Via the smoothing parameter, we can continuously vary the effective number of parameters between the total number of basis functions (smoothing parameter equal to zero) and the dimension of the polynomial that is left unpenalized by the difference order (corresponding to a total of r parameters for rth-order differences). For example, with 50 basis functions and a second-order difference penalty, the effective number of parameters can vary continuously in the range between 2 and 50. The effective number of parameters can then be determined as the trace of the product between the unpenalized Fisher information and the inverse of the penalized Fisher information, see Gray (1992) for details.
We thank one reviewer for suggesting this model extension.

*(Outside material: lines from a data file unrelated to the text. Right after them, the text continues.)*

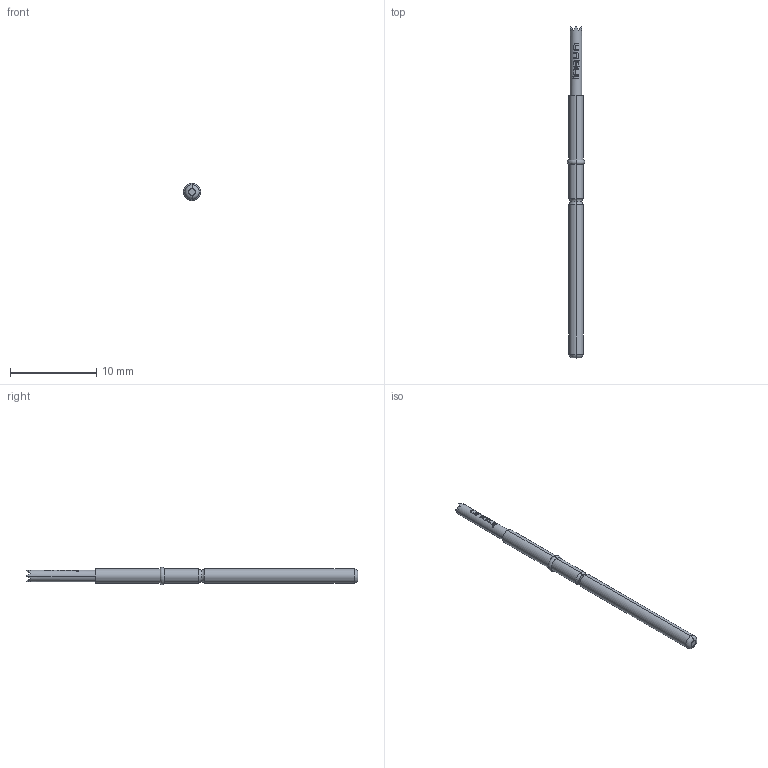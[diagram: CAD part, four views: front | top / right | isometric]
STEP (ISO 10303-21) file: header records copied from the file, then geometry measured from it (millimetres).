
FILE_DESCRIPTION (( 'STEP AP203' ), '1' );
FILE_NAME ('INGUN_GKS-422_306_130_A_xx08.STEP', '2022-01-28T10:28:32', ( 'ochi' ), ( '' ), 'SwSTEP 2.0', 'SolidWorks 2018', '' );
FILE_SCHEMA (( 'CONFIG_CONTROL_DESIGN' ));
Length unit declared in the file: millimetre
Products named in the file (1): INGUN_GKS-422_306_130_A_xx08
Bounding box: 2 x 38.4 x 2 mm (x, y, z)
Volume: 75.3 mm3; surface area: 195.4 mm2
Topology: 1 solids, 1 shells, 114 faces, 278 edges, 173 vertices
Faces by surface type: plane 70, bspline 22, cylinder 14, torus 8
Entity records: 3651 total; most frequent: CARTESIAN_POINT 1152, ORIENTED_EDGE 556, DIRECTION 422, EDGE_CURVE 278, VERTEX_POINT 173, AXIS2_PLACEMENT_3D 159, EDGE_LOOP 121, ADVANCED_FACE 114
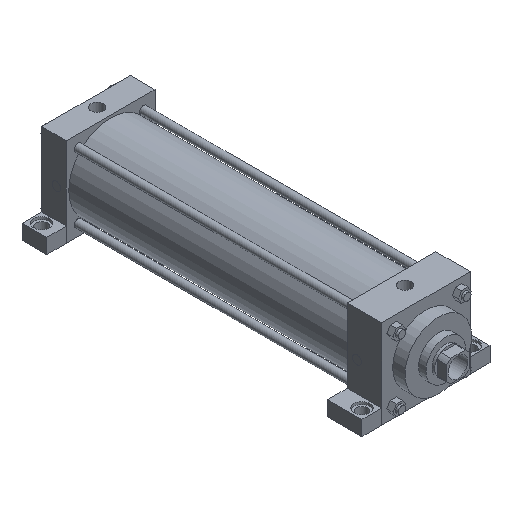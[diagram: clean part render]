
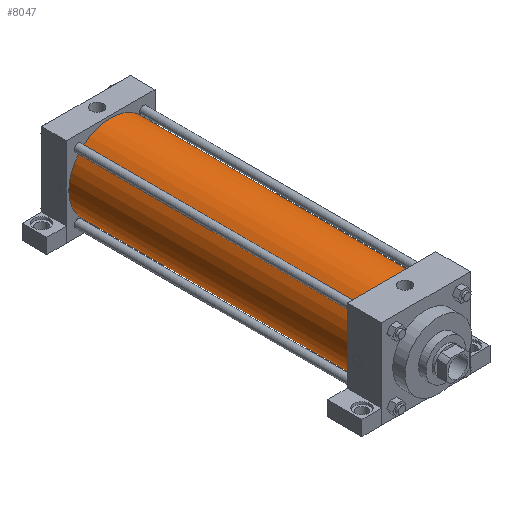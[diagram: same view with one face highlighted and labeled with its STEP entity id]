
A CAD part, isometric view. The second image highlights one B-rep face of the part: STEP entity #8047.
In plain terms, the highlighted cylindrical face has radius 53.975 mm (diameter 107.95 mm), a full revolution.
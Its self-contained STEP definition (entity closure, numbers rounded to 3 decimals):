
#1273=EDGE_CURVE('',#1279,#1279,#1274,.T.);
#1274=CIRCLE('',#1275,53.975);
#1275=AXIS2_PLACEMENT_3D('',#1276,#1277,#1278);
#1276=CARTESIAN_POINT('',(0.,85.725,0.));
#1277=DIRECTION('',(0.,1.,0.));
#1278=DIRECTION('',(-1.,0.,0.));
#1279=VERTEX_POINT('',#1280);
#1280=CARTESIAN_POINT('',(-53.975,85.725,0.));
#2800=FACE_OUTER_BOUND('',#2802,.T.);
#2801=FACE_BOUND('',#2803,.T.);
#2802=EDGE_LOOP('',(#2804));
#2803=EDGE_LOOP('',(#2813));
#2804=ORIENTED_EDGE('',*,*,#2805,.F.);
#2805=EDGE_CURVE('',#2811,#2811,#2806,.T.);
#2806=CIRCLE('',#2807,53.975);
#2807=AXIS2_PLACEMENT_3D('',#2808,#2809,#2810);
#2808=CARTESIAN_POINT('',(0.,447.675,0.));
#2809=DIRECTION('',(0.,1.,0.));
#2810=DIRECTION('',(1.,0.,0.));
#2811=VERTEX_POINT('',#2812);
#2812=CARTESIAN_POINT('',(53.975,447.675,0.));
#2813=ORIENTED_EDGE('',*,*,#1273,.T.);
#2814=CYLINDRICAL_SURFACE('',#2815,53.975);
#2815=AXIS2_PLACEMENT_3D('',#2816,#2817,#2818);
#2816=CARTESIAN_POINT('',(0.,447.675,0.));
#2817=DIRECTION('',(0.,-1.,0.));
#2818=DIRECTION('',(0.,0.,-1.));
#8047=ADVANCED_FACE('',(#2800,#2801),#2814,.T.);

We thank one reviewer for suggesting this sensitivity analysis. The full results are available from the authors upon request.
We have further estimated corresponding model versions with time-varying brand intercepts only and with time-varying covariate effects only. However, these versions showed a worse performance (in- and out-of-sample), thus replicating the order of models as in Sect. 3.4.1. Results are available from the authors upon request.
We thank one reviewer for pointing us to this model extension.